TASK INPUTS:
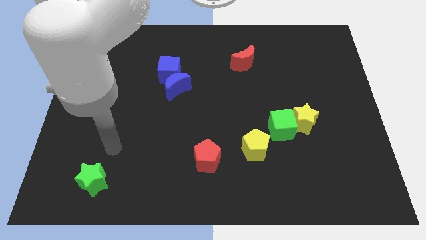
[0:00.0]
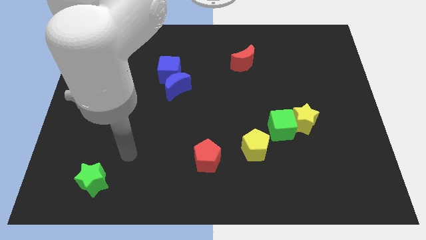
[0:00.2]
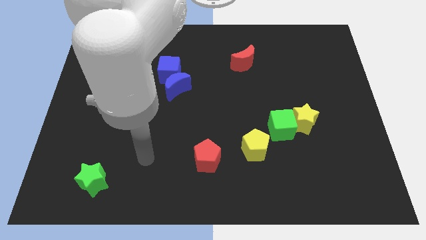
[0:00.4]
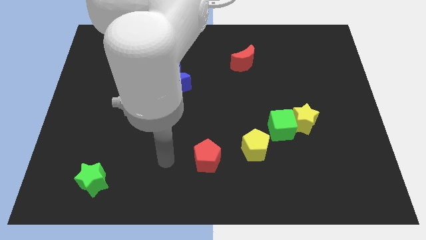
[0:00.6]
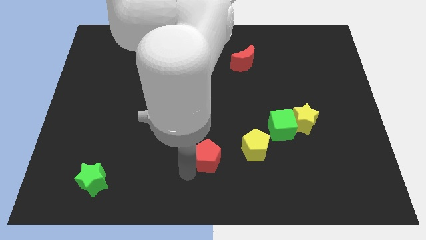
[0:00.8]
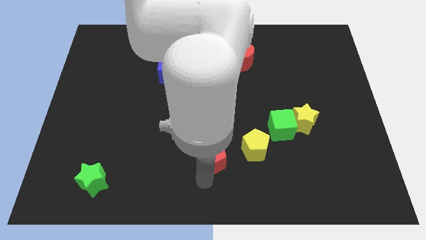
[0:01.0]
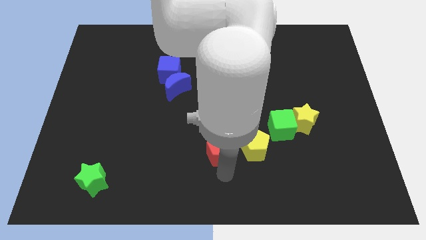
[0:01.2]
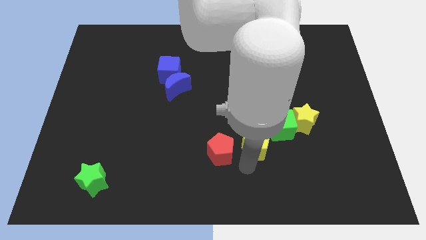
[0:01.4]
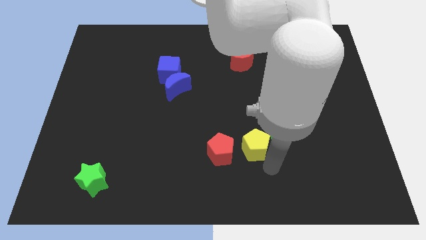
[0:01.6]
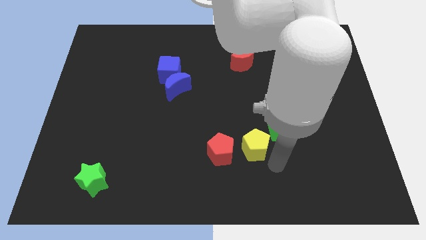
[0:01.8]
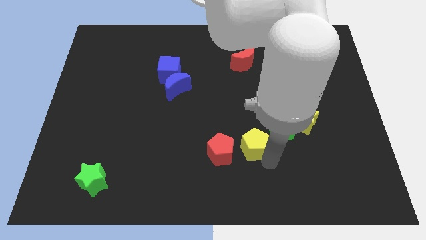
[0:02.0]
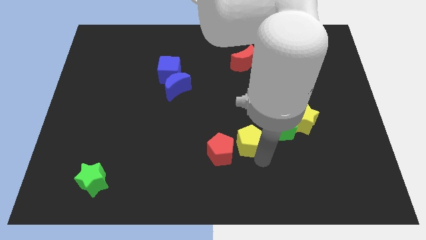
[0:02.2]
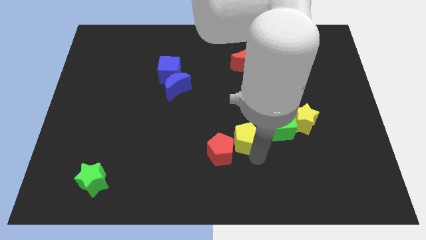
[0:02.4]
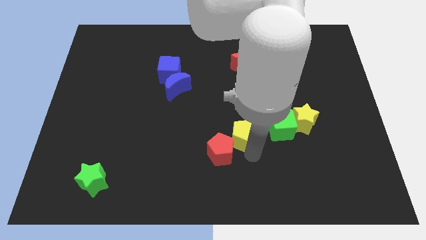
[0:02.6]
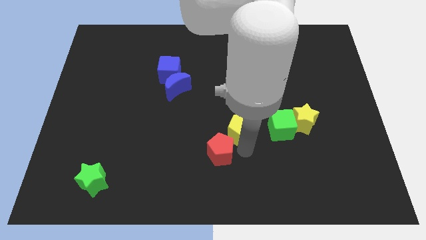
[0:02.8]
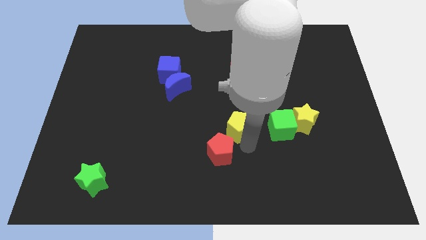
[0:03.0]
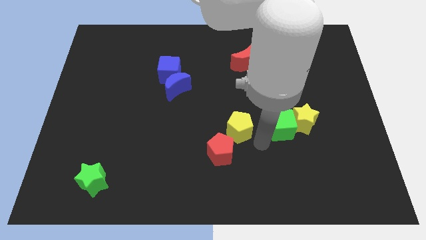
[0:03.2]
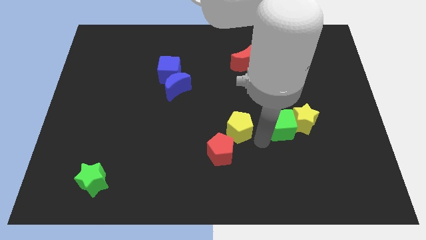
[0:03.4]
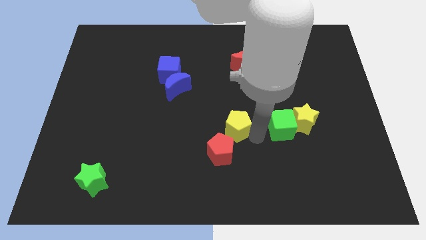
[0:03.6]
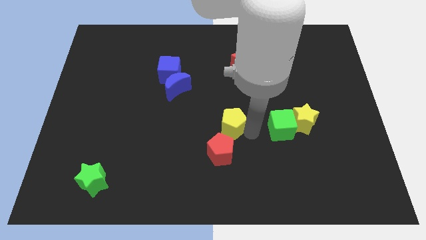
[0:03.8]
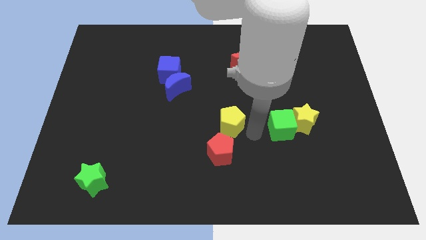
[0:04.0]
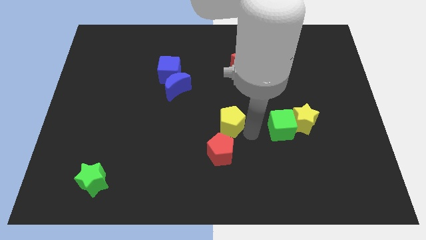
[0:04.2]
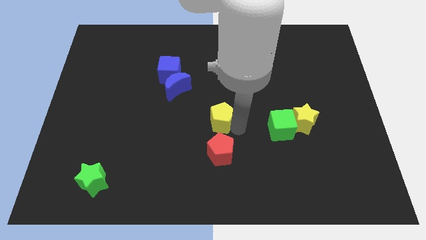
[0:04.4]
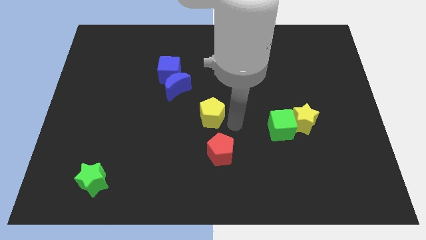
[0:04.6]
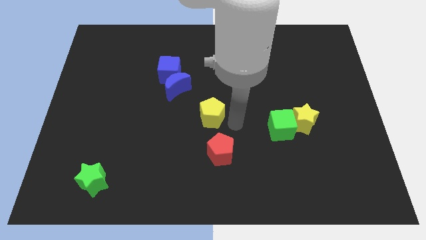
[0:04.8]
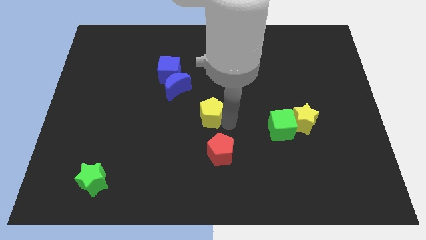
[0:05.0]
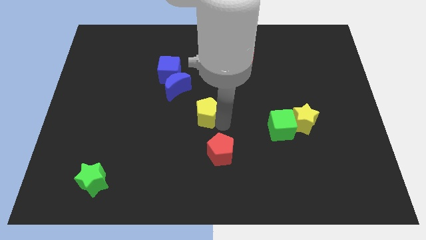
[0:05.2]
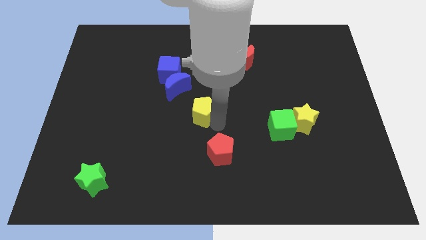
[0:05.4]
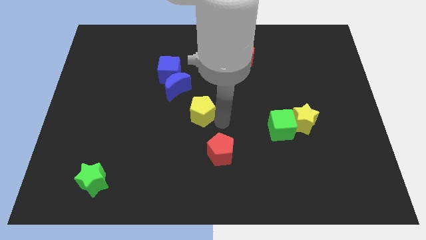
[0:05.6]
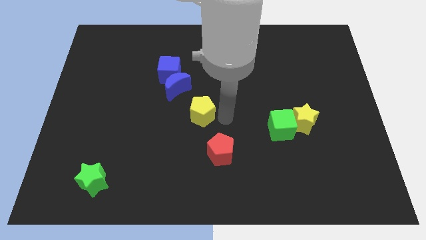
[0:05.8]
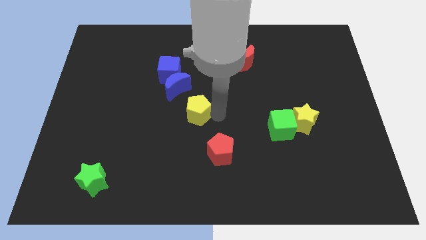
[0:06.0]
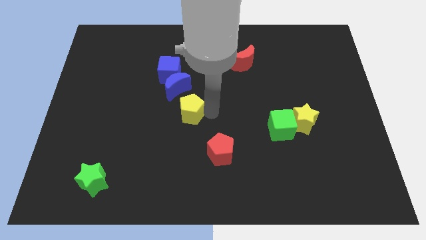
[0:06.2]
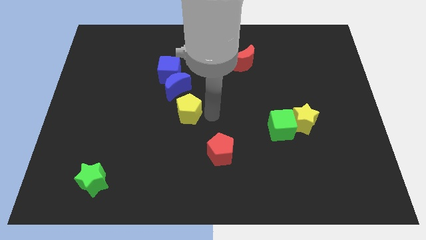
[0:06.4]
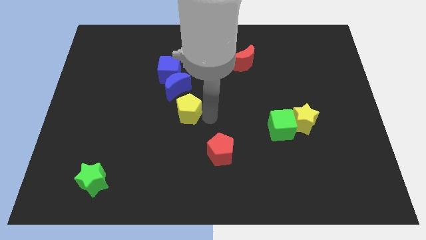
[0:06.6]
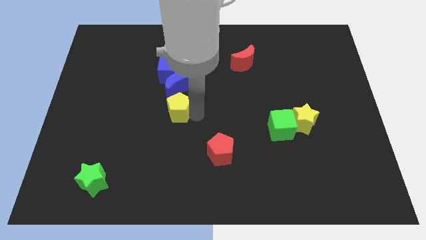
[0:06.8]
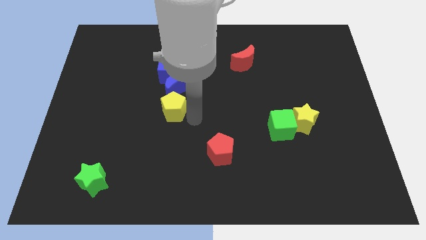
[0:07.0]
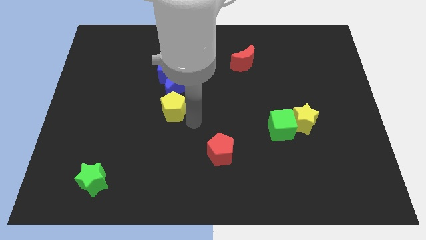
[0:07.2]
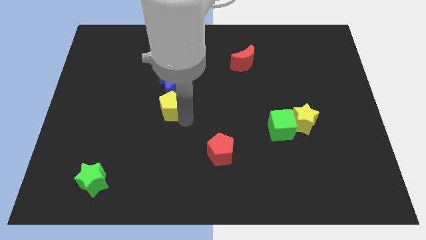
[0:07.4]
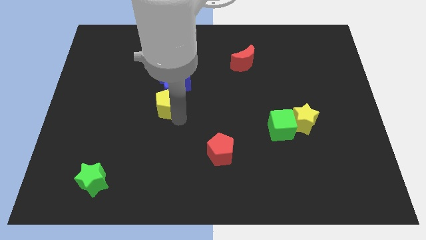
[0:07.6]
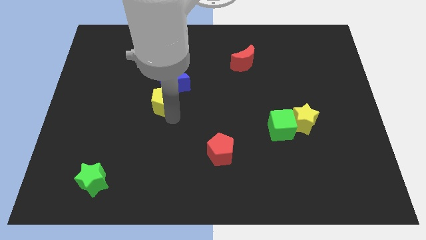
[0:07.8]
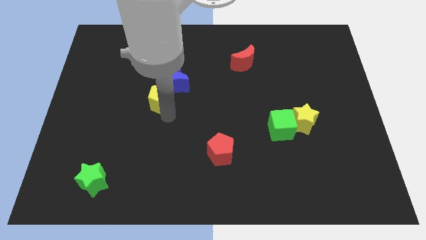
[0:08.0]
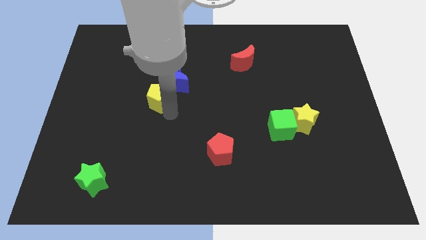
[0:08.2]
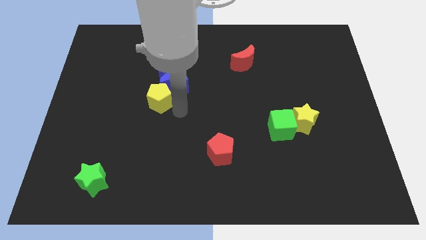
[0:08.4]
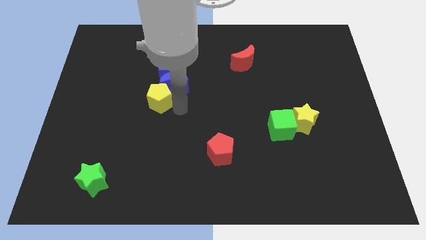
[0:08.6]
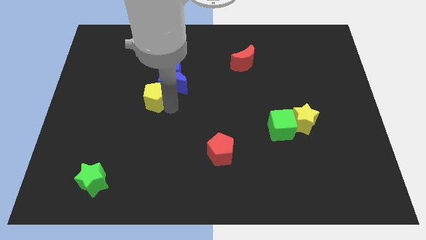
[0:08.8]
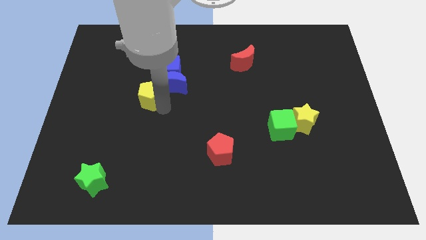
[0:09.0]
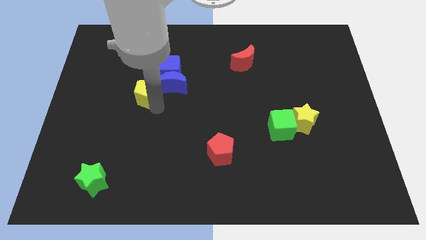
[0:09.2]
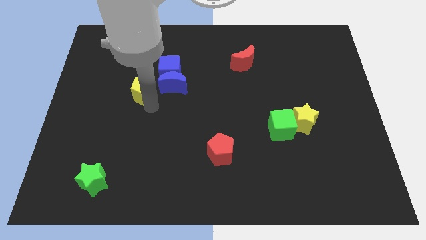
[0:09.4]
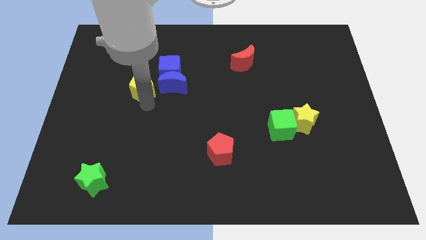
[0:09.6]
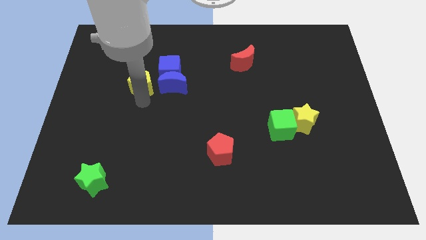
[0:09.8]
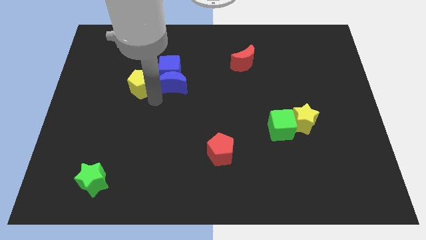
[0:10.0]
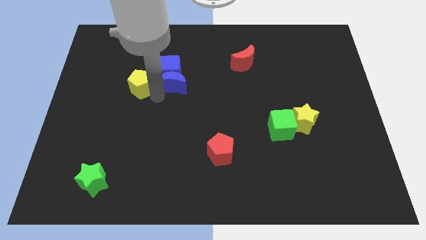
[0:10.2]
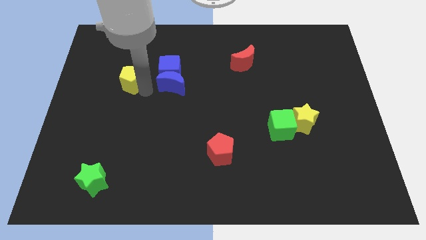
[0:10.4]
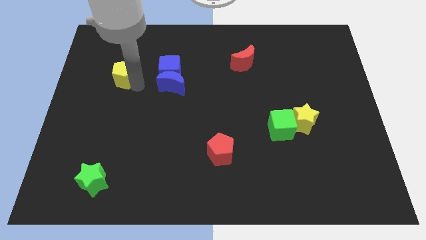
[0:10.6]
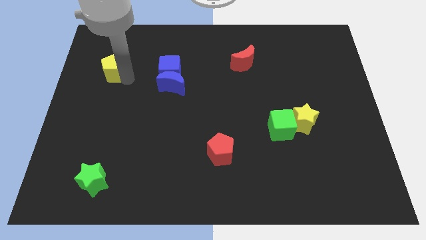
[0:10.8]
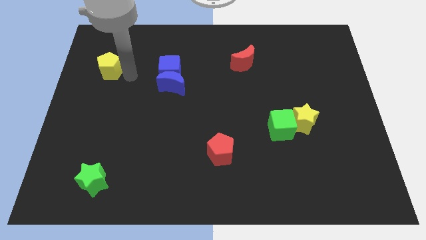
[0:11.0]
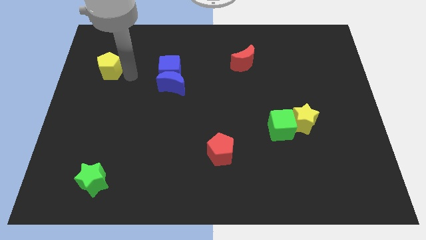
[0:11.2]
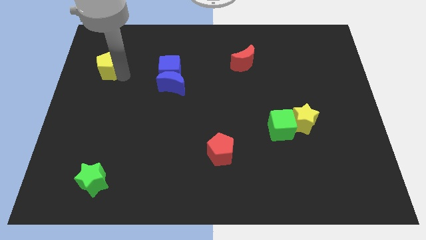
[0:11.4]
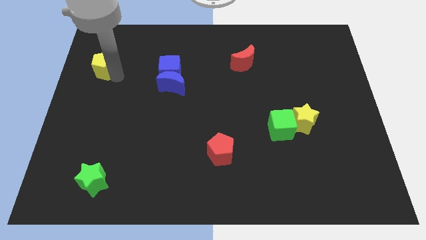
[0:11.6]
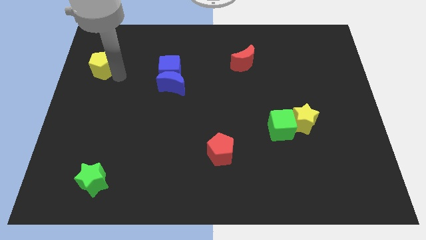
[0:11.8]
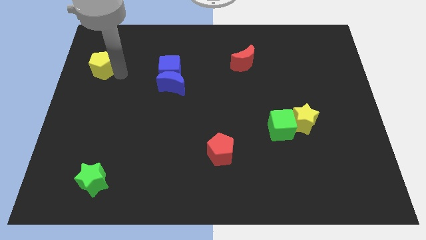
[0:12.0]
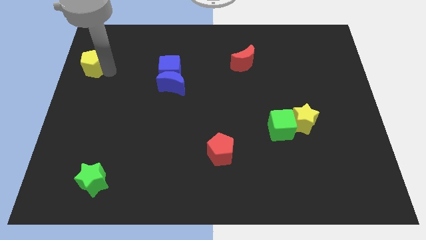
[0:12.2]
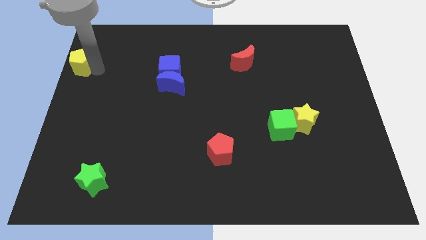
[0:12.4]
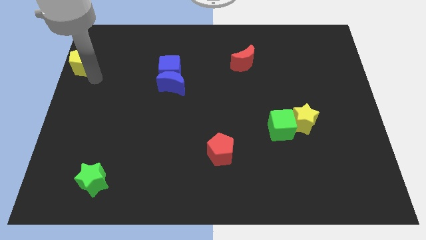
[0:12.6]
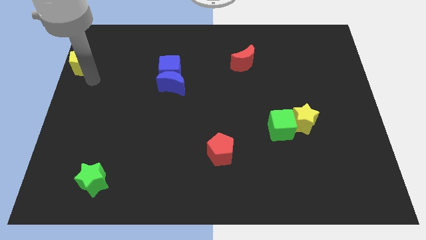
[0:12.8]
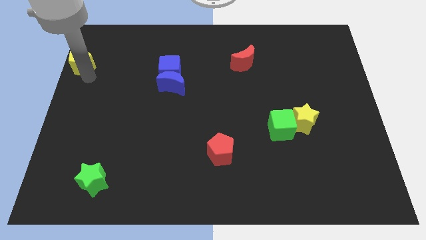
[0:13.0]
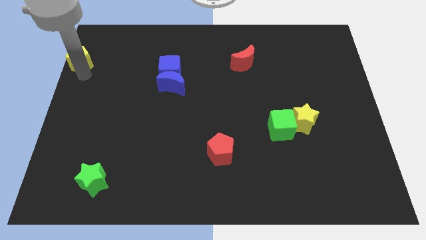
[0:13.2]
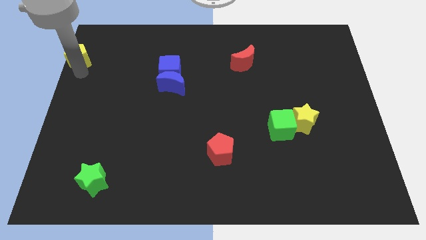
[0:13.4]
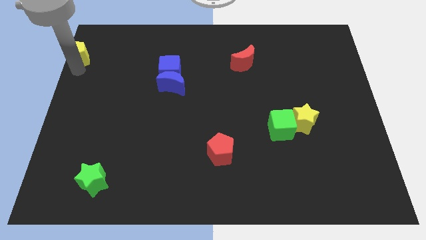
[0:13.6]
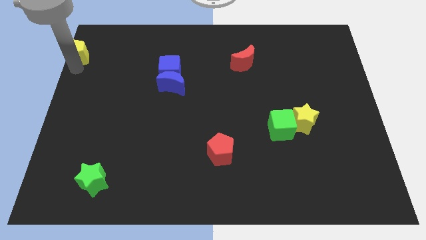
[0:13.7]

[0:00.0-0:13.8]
move the yellow pentagon to the top left corner

ACTIVITY: Copy each record exactly. Leave any images out of the copy.

TASK RESPONSE:
[0:00.0]
[0:00.2]
[0:00.4]
[0:00.6]
[0:00.8]
[0:01.0]
[0:01.2]
[0:01.4]
[0:01.6]
[0:01.8]
[0:02.0]
[0:02.2]
[0:02.4]
[0:02.6]
[0:02.8]
[0:03.0]
[0:03.2]
[0:03.4]
[0:03.6]
[0:03.8]
[0:04.0]
[0:04.2]
[0:04.4]
[0:04.6]
[0:04.8]
[0:05.0]
[0:05.2]
[0:05.4]
[0:05.6]
[0:05.8]
[0:06.0]
[0:06.2]
[0:06.4]
[0:06.6]
[0:06.8]
[0:07.0]
[0:07.2]
[0:07.4]
[0:07.6]
[0:07.8]
[0:08.0]
[0:08.2]
[0:08.4]
[0:08.6]
[0:08.8]
[0:09.0]
[0:09.2]
[0:09.4]
[0:09.6]
[0:09.8]
[0:10.0]
[0:10.2]
[0:10.4]
[0:10.6]
[0:10.8]
[0:11.0]
[0:11.2]
[0:11.4]
[0:11.6]
[0:11.8]
[0:12.0]
[0:12.2]
[0:12.4]
[0:12.6]
[0:12.8]
[0:13.0]
[0:13.2]
[0:13.4]
[0:13.6]
[0:13.7]

[0:00.0-0:13.8]
move the yellow pentagon to the top left corner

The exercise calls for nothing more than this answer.